Мы с двумя моими лучшими подругами живем в сорока пяти секундах друг от друга. С Дженни и Шонной мы разделяем около двадцати миллионов общих воспоминаний. Пока я печатаю этот абзац, мы сидим в моем доме на озере. Я нахожусь на втором этаже, а они, уже разобрав мне шкафы, красят стены на первом. (Мы договорились встретиться на пристани в 5:30 вечера и понаблюдать за закатом. Да, мне всегда нужен приз за проделанный труд. «Где же моя золотая медаль за работу, за которую я получаю зарплату?» — спрашивает Эннеаграмма третьего типа.)
Мы вместе путешествуем по миру и всегда придерживаемся безвкусной традиции: в каждом новом месте мы покупаем одинаковые толстовки с названием города. Великие угодники, я не имею в виду те модные свитшоты, которые носят с леггинсами или обтягивающими джинсами! Нет, мы покупаем самые отвратительные, плохо сидящие, безвкусные кофты, которые только можем найти. Своим видом они просто обязаны кричать «туристы!» и желательно, но не обязательно, иметь флуоресцентный шрифт. Мы берем их на заправке или у подозрительных уличных продавцов и сразу покупаем на три размера больше, поскольку после стирки они уменьшаются в два раза, как и все толстовки за $5,99. Мы не станем покупать свитшоты, если в наличии нет нужных размеров или достаточного количества одинаковых экземпляров, поскольку все они должны соответствовать нашим критериям. Иначе в чем тогда смысл путешествия?
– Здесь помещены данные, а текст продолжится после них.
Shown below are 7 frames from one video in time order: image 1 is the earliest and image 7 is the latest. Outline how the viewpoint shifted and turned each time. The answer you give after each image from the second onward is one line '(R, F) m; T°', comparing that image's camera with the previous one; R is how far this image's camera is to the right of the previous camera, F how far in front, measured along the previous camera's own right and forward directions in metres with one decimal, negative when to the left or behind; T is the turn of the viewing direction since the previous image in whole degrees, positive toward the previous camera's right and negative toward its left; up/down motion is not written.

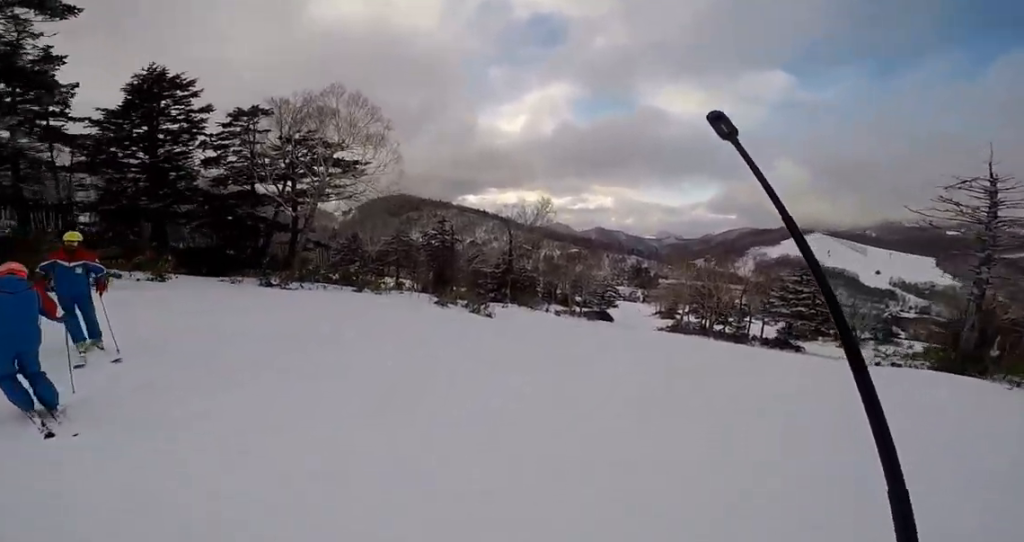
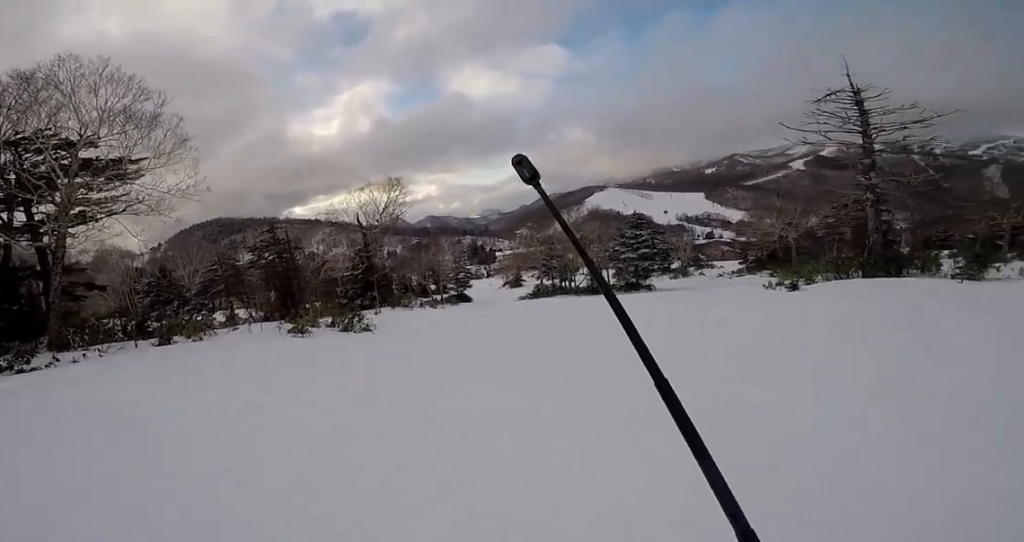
(+1.5, +6.0) m; +32°
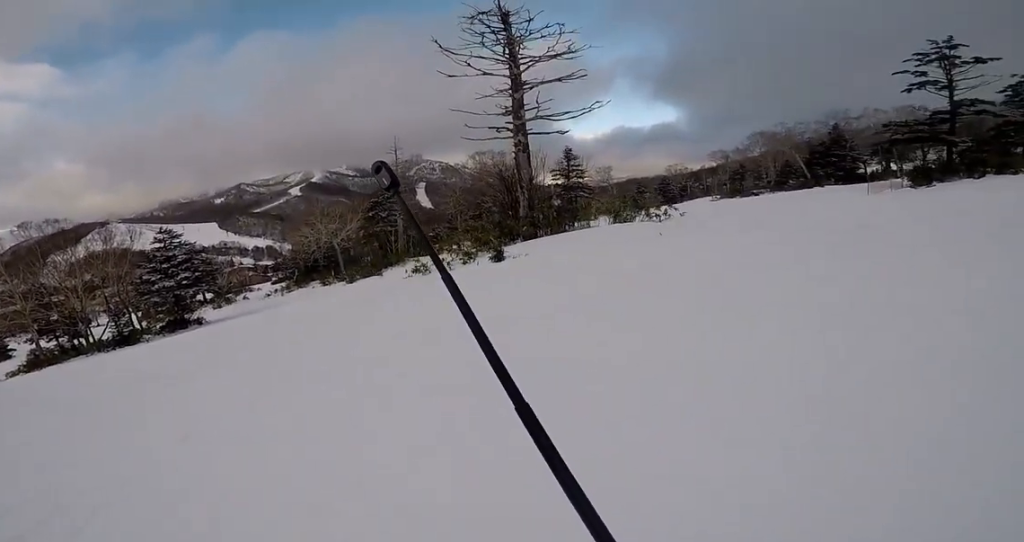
(+5.6, +12.1) m; +23°
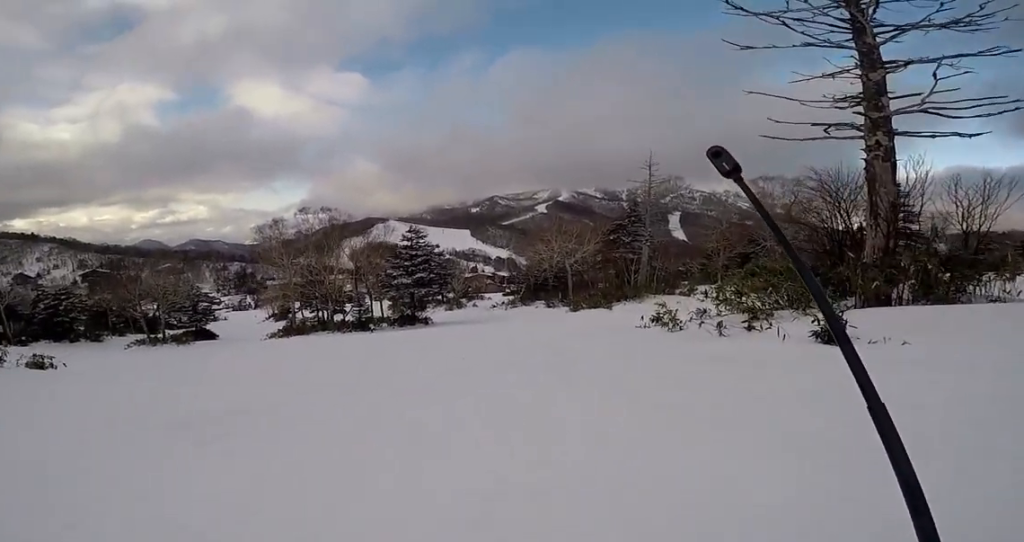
(-0.7, +5.4) m; -11°
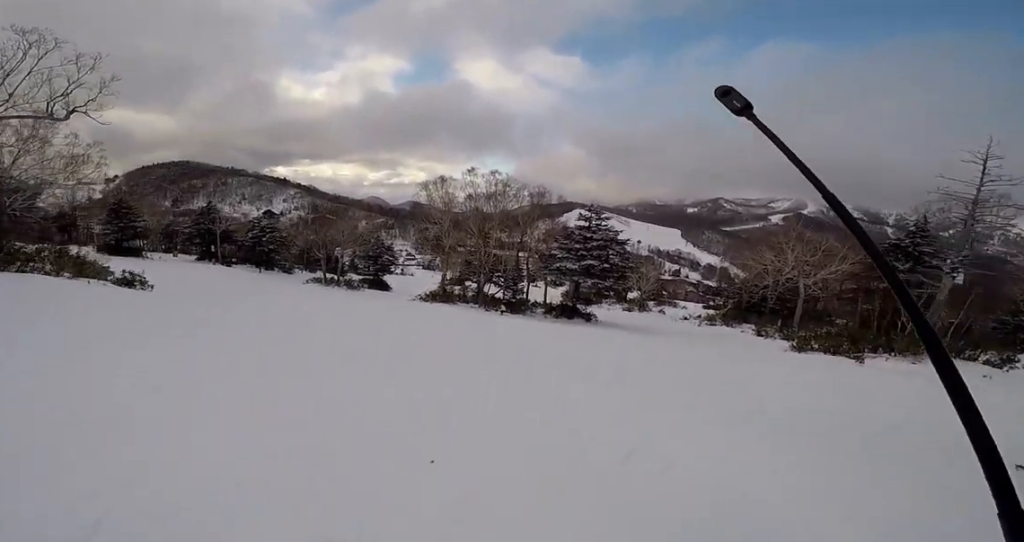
(-2.9, +7.4) m; -48°
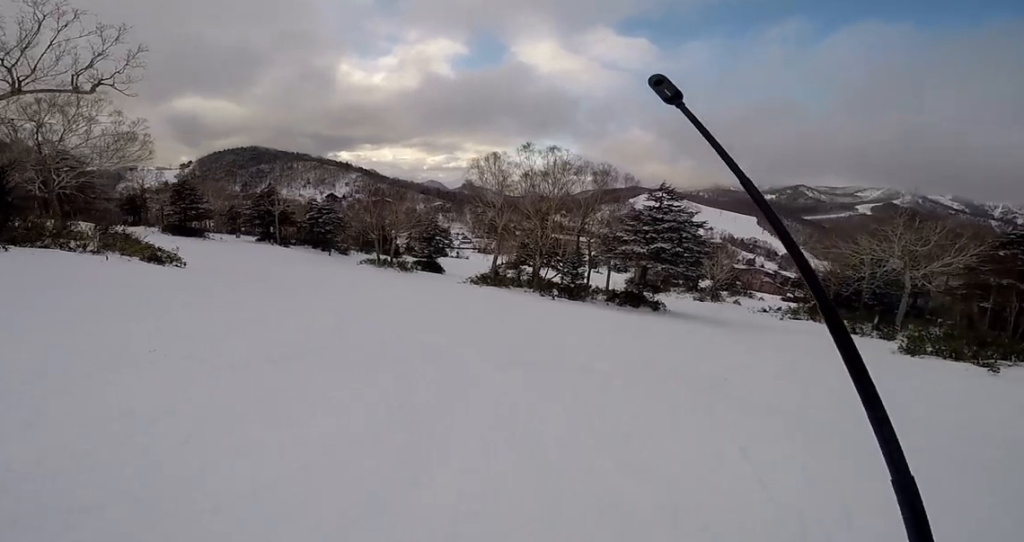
(-0.7, +2.7) m; -13°
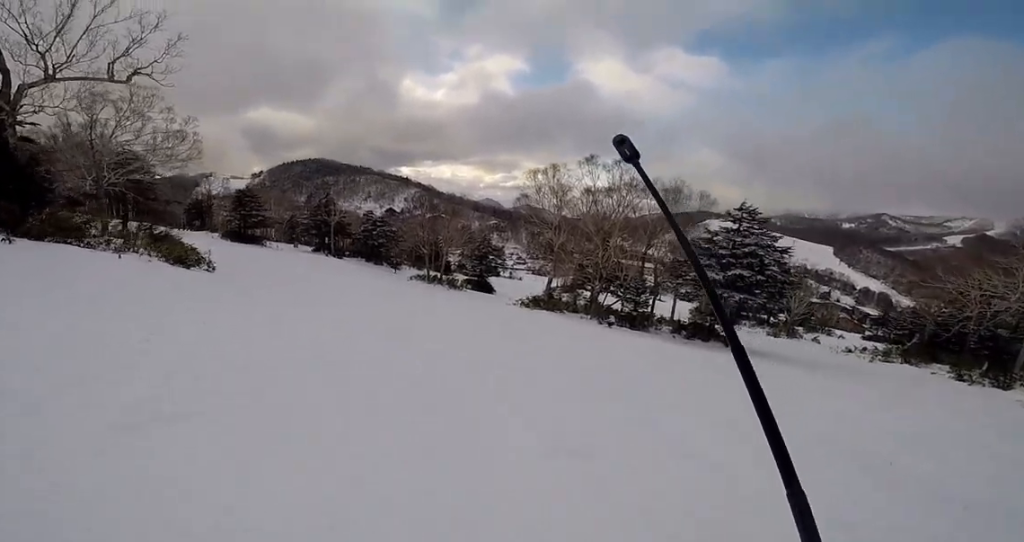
(0.0, +3.0) m; +4°

Мы (все трое) носим кофты именно в том городе, где их и купили. Мужья одобряют идею, за исключением нескольких конкретных случаев. (В Афинах, например, мы напечатали на толстовках свои имена на греческом языке, а потом надели их в велосипедный тур.) Мы делаем это без иронии, без стыда. Правила таковы: мы не обязаны извиняться; никаких комментариев гиду, объясняющих наше дурачество; никаких смешков с официантами во время ужина в ресторане в Сан-Франциско (в коралловых толстовках размера XXL с надписью «Я ♥
Сан-Франциско»). Мы с большим достоинством поддерживаем свой модный выбор, точно три яркие королевы Елизаветы.Наша подруга Эми однажды поехала с нами в Сиэтл, а через несколько месяцев, организовывая гаражную распродажу в церкви, в одной из коробок Дженни нашла огненно-красную толстовку. Дженни подошла к Эми, держа в руках осиротевший сувенир, и низким, страшным голосом спросила:
— Что. Это. Такое?
Толстовки — это навсегда. Не знаю, зачем это объяснять. Они — комплексная сделка с сестринством, подкрепленная миллионом разговоров и миллиардом шуток. Я отдаю должное девчонкам за глубокое чувство причастности, которое поддерживало меня в столь неожиданной общественной жизни. Хотя я и люблю гиперболы, здесь я не преувеличиваю: я просто не представляю свою жизнь без них.
Богатые взаимоотношения с глубоким взаимопониманием занимают центральное место в богословии моей души. Да, для меня важны многие аспекты. Карьера тоже имеет огромное значение, и я стремлюсь представить миру самую лучшую, искреннюю работу, на которую только способна. И даже если бы что-то в ней подверглось внезапным переменам, я уверена, что смогла бы подстроиться. Но если бы я потеряла работу и у меня остались бы только семья и друзья, я бы все равно считала себя самой счастливой женщиной в мире. Моя жизнь черпает величайший смысл, силу и энергию из людей, которых я люблю и которые любят меня.
Как-то я разговаривала по телефону с христианским лидером, под чьим наставлением я находилась многие годы. У нас с ней разный подход к теологии и разные стили проповедования, но ведь любая сестра — это сестра, не так ли? Когда мы обсуждали различия в методиках, я сказала ей: «В изложенной Иисусом истине — любить Господа и любить ближнего своего — ты предпочитаешь склоняться к любви к Господу, пока я склоняюсь к любви к ближнему. Очевидно, мы обе любим как Бога, так и людей, но при этом мы ориентированы на разное».
Любовь к людям имеет для меня огромный смысл. Я не могу отделить политику, теологию, риторику, теории и интерпретации от людей, на которых они влияют. Я не вижу в таком подходе никакой объективности. Я оцениваю достоинства каждой идеи, основываясь на том, как она влияет на реальных людей. Я хочу, чтобы люди знали, что они любимы. Для меня важно, чтобы они понимали свои возможности для процветания. Я верю, что любовь к людям прекрасно вписывается в рамки любви к Господу, поэтому, когда «любовь к Богу» приводит к боли, отторжению, ущербу или травме для людей, значит, мы абсолютно неправильно любим и Господа. Это уже не его ошибка, а наша.